A surveillance study in 2011 of 197 hospitals in the UK demonstrated that 50% of patients were recorded as having a BMI of ≥25kg/m2 for both large and small bowel surgery. Patients who are morbidly obese present a challenge in achieving adequate antimicrobial concentrations. Evidence suggests these patients should receive a double dose of antibiotics and redosing them is advised if the procedure duration is more than two half-lives of the antibiotic. The use of a higher dose was associated with a decreased rate of SSI in obese patients. Although no definitive recommendation was made, the use of higher doses of prophylactic agents would seem sensible.[13-15]
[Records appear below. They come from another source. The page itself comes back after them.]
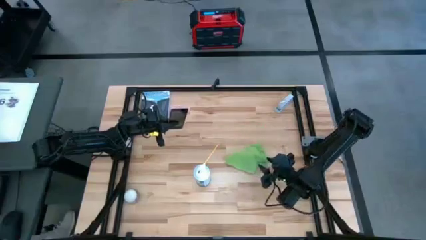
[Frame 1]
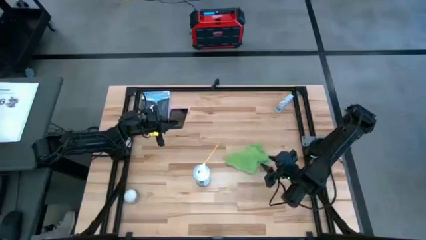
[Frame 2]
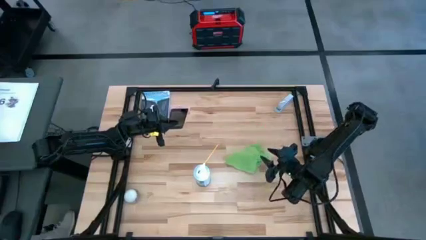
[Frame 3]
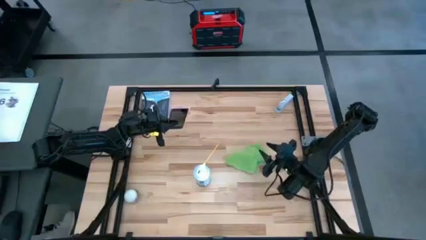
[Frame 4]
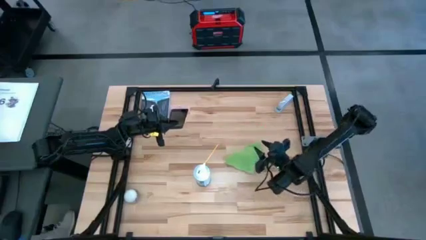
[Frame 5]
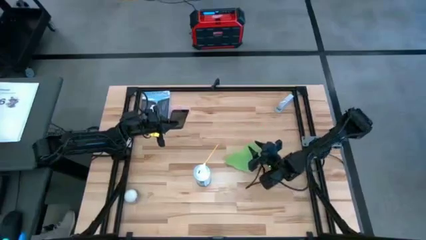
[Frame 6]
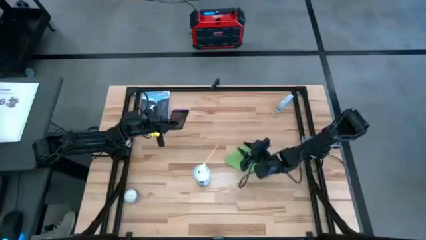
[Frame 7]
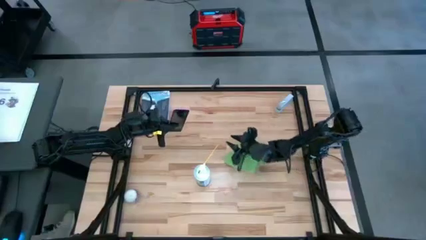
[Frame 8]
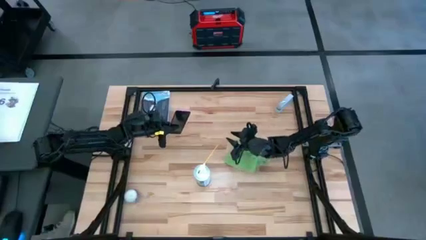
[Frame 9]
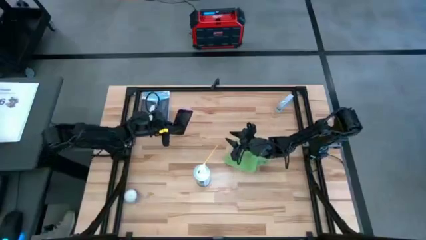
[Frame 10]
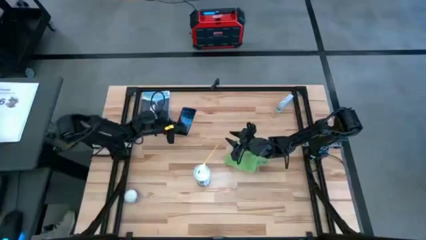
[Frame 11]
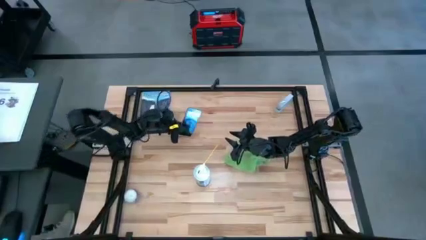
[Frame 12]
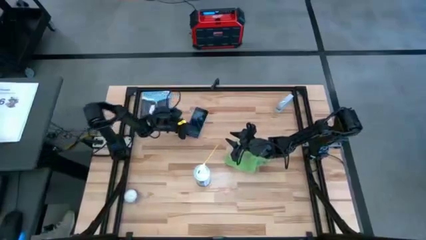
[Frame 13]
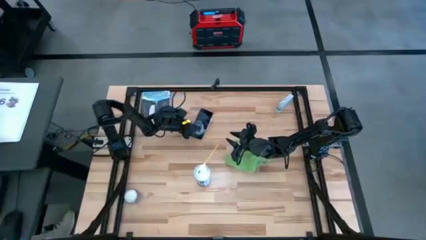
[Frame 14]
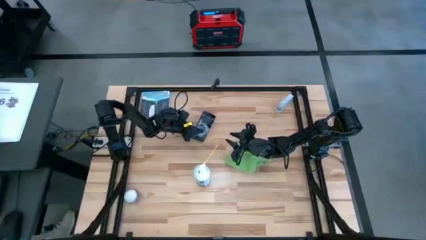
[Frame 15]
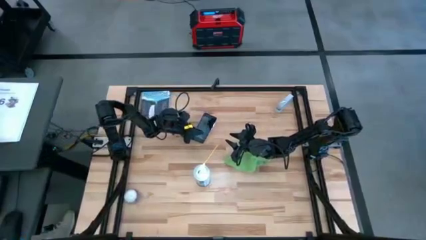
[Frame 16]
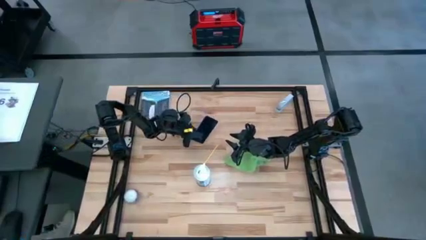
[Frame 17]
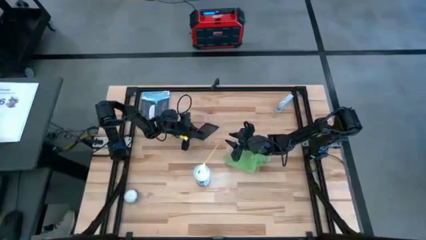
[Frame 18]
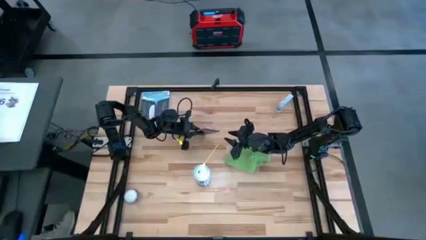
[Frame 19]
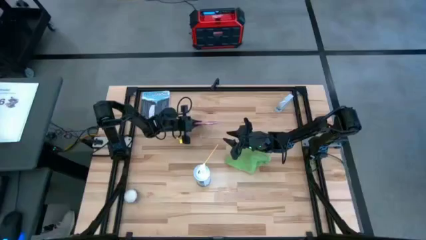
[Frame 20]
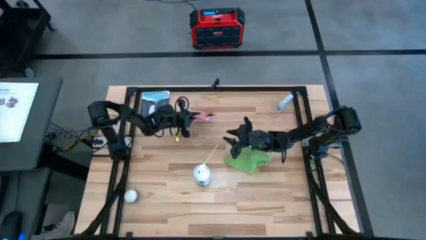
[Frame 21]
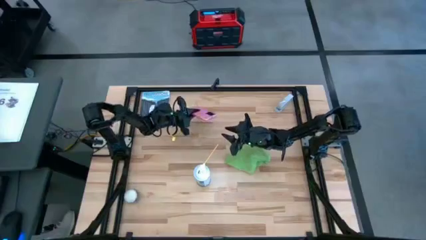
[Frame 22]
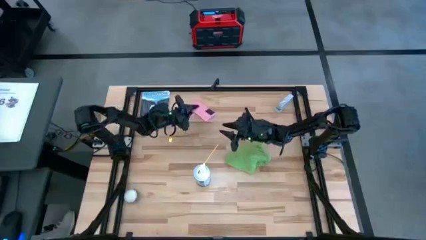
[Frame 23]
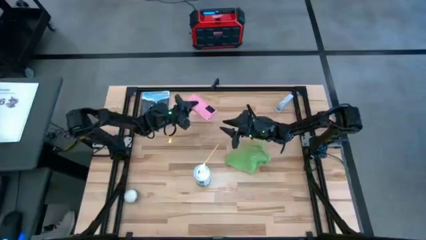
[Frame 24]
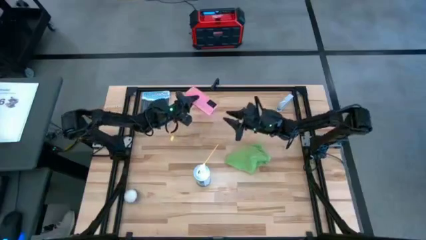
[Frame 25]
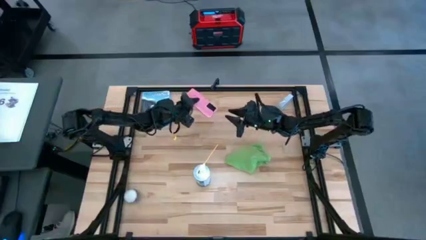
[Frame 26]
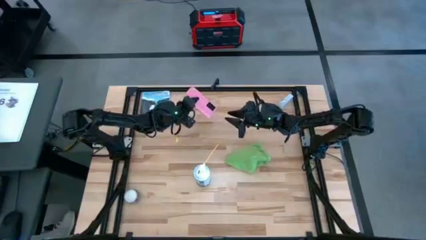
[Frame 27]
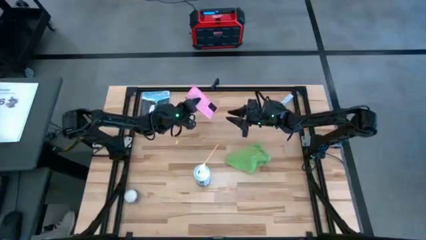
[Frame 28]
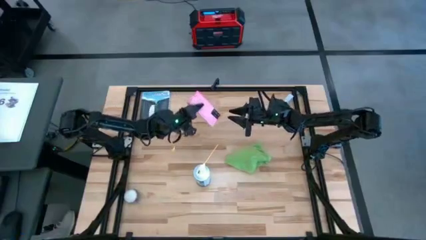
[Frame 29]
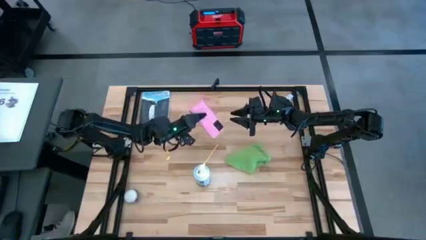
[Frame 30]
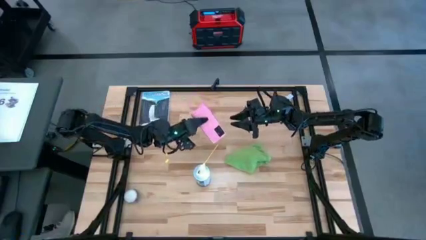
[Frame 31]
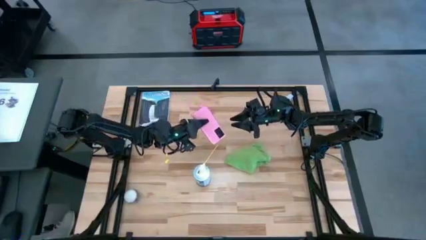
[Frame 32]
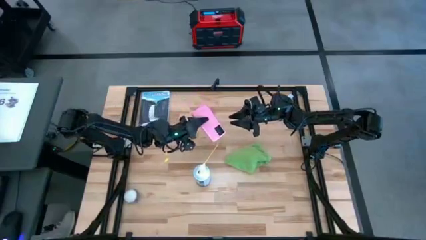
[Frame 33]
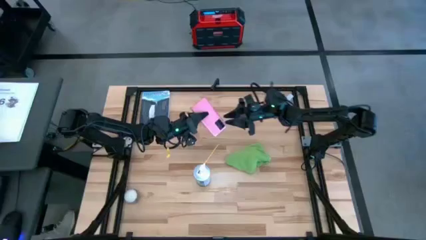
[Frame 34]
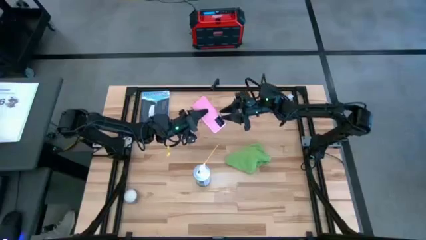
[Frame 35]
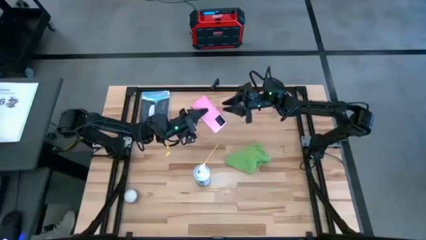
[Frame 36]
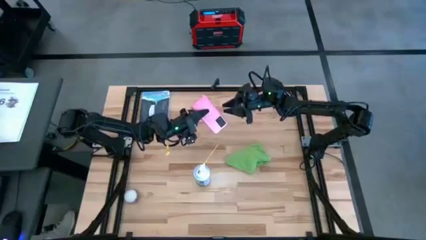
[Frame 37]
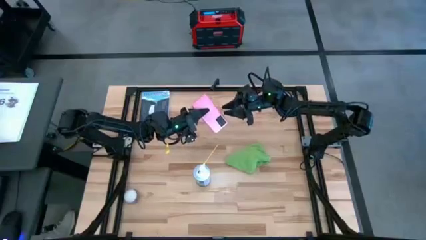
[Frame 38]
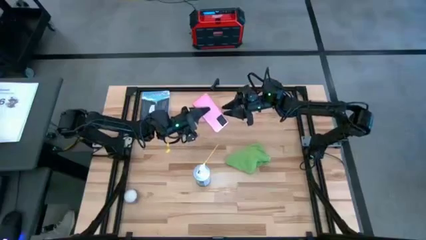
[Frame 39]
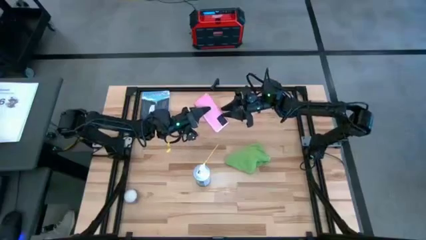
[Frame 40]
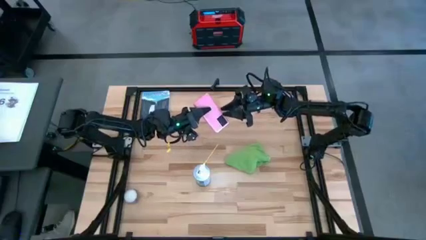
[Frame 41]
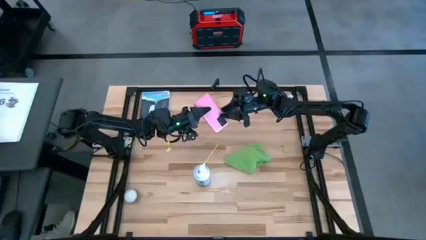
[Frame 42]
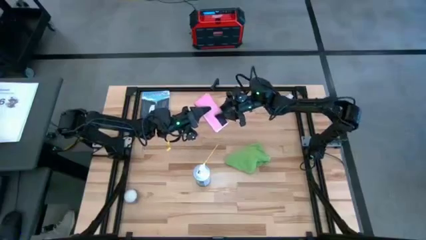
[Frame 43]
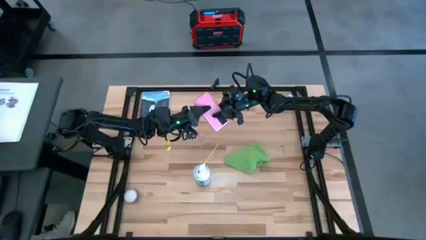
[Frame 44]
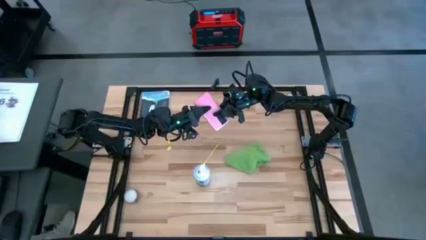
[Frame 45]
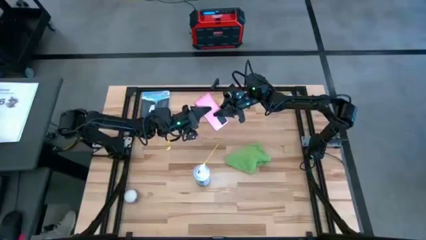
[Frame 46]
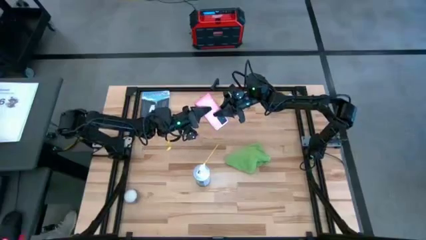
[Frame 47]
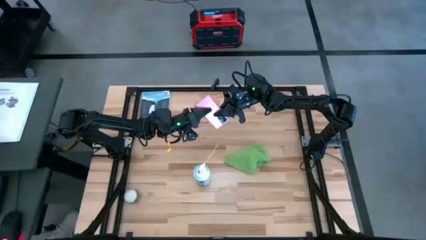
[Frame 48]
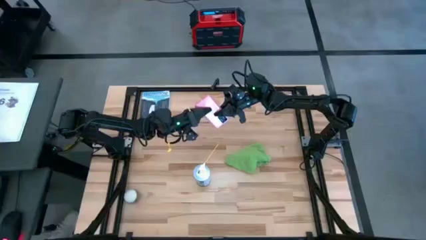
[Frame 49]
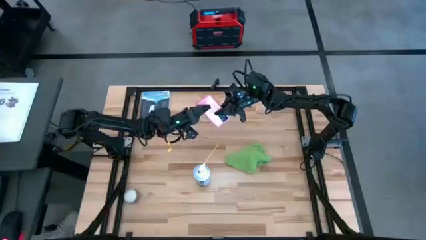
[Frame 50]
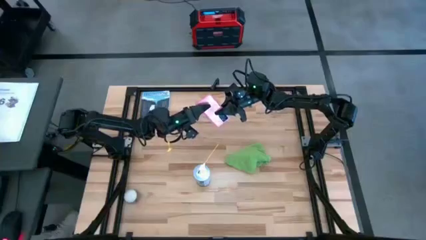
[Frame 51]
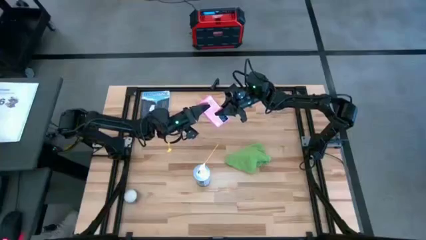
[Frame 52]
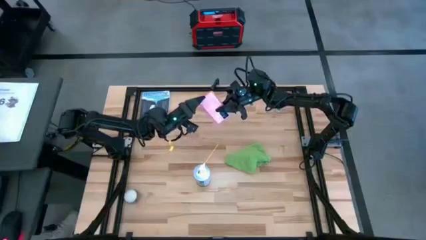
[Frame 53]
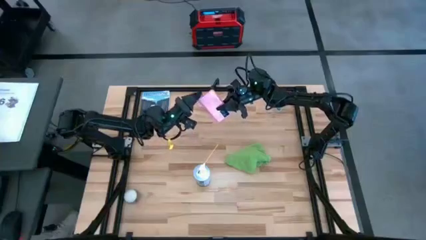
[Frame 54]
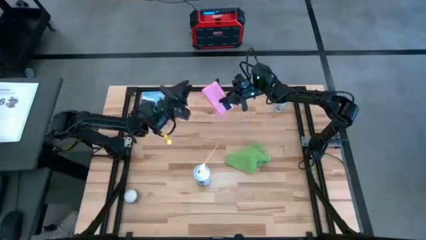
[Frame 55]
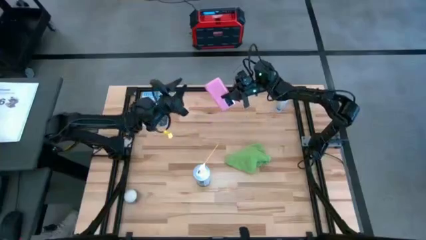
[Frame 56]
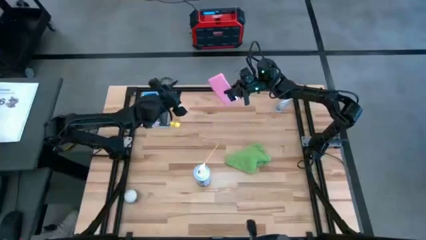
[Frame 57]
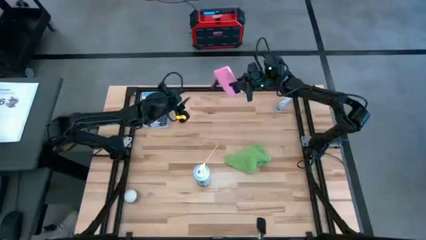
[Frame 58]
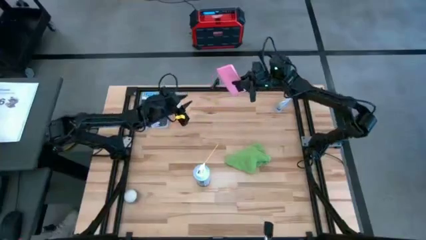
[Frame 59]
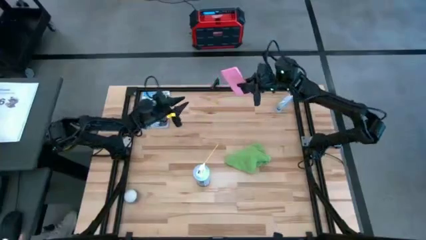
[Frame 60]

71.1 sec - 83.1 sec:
Task: Apply microfiber cloth
Spray the back of the black cellphone with the white spray bottle

Topical antibiotics may be beneficial in preventing the incidence of postoperative infections in selective cases such as obese patients undergoing abdominal surgery. Although it is not advocated in general, there is evidence that it is advantageous for those classified as obese (BMI ≥30kg/m2). Further evidence supports that topical kanamycin in the surgical site greatly reduces the incidence of primary infections in the deep subcutaneous space.
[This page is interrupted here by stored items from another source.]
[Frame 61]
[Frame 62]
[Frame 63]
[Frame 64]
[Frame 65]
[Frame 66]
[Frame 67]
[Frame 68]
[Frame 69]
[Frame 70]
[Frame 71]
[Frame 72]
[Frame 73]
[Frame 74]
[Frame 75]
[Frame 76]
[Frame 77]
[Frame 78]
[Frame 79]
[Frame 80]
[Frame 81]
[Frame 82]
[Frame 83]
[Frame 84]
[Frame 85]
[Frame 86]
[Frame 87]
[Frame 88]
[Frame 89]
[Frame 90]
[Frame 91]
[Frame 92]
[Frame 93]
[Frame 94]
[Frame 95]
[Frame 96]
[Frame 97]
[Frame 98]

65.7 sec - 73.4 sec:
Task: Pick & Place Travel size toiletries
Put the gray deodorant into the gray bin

Surgical technique, including methods of wound closure can also impact on SSI risk.[18-20] During the past ten years, numerous clinical studies have supported the use of continuous monofilament fascial closure after laparotomy. Continuous fascial closure reduces major acute wound complications in morbidly obese patients undergoing gastric operations for obesity. Johnson et al prospectively studied the incidence of SSI in 715 patients who underwent a Caesarean section. The use of subcuticular sutures for skin closure was associated with a significantly higher incidence of SSI than was the use of staples (p=0.021).
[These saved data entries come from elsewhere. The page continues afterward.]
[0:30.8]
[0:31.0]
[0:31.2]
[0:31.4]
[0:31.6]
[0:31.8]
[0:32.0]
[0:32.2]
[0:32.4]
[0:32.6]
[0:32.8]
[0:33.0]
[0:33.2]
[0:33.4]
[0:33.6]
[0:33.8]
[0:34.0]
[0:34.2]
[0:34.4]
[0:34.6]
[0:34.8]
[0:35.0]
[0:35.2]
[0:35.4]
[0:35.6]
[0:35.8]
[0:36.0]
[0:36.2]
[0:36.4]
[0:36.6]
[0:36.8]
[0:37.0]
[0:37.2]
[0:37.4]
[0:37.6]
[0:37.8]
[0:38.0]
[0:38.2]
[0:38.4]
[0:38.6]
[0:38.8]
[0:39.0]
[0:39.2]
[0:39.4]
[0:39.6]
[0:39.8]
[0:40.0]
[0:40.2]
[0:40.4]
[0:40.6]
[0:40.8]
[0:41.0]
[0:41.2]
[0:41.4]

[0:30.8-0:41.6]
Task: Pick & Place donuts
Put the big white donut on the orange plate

A similar case-controlled study in Japan involving elective colorectal patients investigated the impact of high pressure irrigation of the patients’ wounds intraoperatively. The authors found that wound infection occurred in 4% of the patients in the high pressure irrigation group and 18% of the patients in the non-high pressure irrigation group. This difference was significant (p=0.041). Furthermore, they stated that for patients with BMIs of ≥25kg/m2, they close the wounds with subcuticular sutures after inserting a closed subcutaneous drain to maintain fluid drainage. However, firm evidence supporting the use of a subcutaneous drain after colorectal cancer surgery has yet to be obtained. The insertion of a drain may increase healthcare costs and negatively affect the patient’s ability to walk after surgery.

Conclusions

Colorectal surgery demonstrates one of the highest rates of SSI. This study found open surgery and obesity were both independent risk factors. Strategies for reducing wound infection should concentrate on methods of wound closure and antibiotic administration in those patients who are morbidly obese. In addition, wound infection rates may be improved by increasing the ability to undertake laparoscopic surgery in obese patients through technological advancements and training.